**MATERIAL FOR THE TASK:**
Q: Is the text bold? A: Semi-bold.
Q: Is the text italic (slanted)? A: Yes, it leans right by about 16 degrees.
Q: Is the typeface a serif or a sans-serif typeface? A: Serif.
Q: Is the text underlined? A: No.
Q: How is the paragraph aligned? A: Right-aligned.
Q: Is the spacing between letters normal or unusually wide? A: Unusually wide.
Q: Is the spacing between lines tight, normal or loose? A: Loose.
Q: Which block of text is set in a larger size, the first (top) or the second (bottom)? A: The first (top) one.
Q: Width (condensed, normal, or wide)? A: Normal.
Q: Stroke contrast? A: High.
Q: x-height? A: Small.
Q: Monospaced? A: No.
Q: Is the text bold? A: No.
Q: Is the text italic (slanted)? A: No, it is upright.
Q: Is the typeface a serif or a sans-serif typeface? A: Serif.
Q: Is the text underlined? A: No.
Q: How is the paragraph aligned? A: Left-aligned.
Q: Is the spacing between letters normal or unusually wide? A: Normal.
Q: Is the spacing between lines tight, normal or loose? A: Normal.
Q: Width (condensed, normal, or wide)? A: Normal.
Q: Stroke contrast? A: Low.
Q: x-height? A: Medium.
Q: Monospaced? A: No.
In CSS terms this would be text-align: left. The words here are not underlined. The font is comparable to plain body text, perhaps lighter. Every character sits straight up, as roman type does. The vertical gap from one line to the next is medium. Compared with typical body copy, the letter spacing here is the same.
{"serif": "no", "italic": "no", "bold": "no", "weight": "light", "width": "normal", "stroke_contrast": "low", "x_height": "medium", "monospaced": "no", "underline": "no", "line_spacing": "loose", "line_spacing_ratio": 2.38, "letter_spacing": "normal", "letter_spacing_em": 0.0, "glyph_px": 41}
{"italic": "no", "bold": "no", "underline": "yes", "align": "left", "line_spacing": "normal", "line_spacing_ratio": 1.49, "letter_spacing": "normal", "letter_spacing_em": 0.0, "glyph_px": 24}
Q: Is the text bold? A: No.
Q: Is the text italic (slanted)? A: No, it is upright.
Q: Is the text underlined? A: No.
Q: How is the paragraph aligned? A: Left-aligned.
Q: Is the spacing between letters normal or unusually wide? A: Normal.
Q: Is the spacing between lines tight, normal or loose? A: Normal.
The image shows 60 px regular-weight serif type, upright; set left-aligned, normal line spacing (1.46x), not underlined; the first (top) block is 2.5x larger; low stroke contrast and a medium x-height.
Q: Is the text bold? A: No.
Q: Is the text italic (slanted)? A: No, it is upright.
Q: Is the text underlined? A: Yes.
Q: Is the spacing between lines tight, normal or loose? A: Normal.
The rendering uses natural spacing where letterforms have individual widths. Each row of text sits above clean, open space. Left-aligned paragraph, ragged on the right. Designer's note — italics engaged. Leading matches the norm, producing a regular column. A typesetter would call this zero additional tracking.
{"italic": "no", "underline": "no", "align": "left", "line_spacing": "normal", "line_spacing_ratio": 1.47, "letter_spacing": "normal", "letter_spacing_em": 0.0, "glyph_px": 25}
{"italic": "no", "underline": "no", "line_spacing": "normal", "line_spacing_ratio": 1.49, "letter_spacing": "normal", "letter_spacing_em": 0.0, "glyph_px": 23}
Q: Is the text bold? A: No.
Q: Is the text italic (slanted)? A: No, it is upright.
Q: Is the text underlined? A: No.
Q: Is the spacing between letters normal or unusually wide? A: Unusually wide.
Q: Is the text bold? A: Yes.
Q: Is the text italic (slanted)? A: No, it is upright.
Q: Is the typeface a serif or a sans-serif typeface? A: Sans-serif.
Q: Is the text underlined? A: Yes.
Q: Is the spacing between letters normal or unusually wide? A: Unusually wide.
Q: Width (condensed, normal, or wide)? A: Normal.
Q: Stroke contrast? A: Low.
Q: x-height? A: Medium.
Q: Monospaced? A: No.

**EXERCISE GOAL:**
Look through the entries above; find each line with the word "sits" and copy it.

**RESPONSE TO THIS EXERCISE:**
In CSS terms this would be text-align: left. The words here are not underlined. The font is comparable to plain body text, perhaps lighter. Every character sits straight up, as roman type does. The vertical gap from one line to the next is medium. Compared with typical body copy, the letter spacing here is the same.
The rendering uses natural spacing where letterforms have individual widths. Each row of text sits above clean, open space. Left-aligned paragraph, ragged on the right. Designer's note — italics engaged. Leading matches the norm, producing a regular column. A typesetter would call this zero additional tracking.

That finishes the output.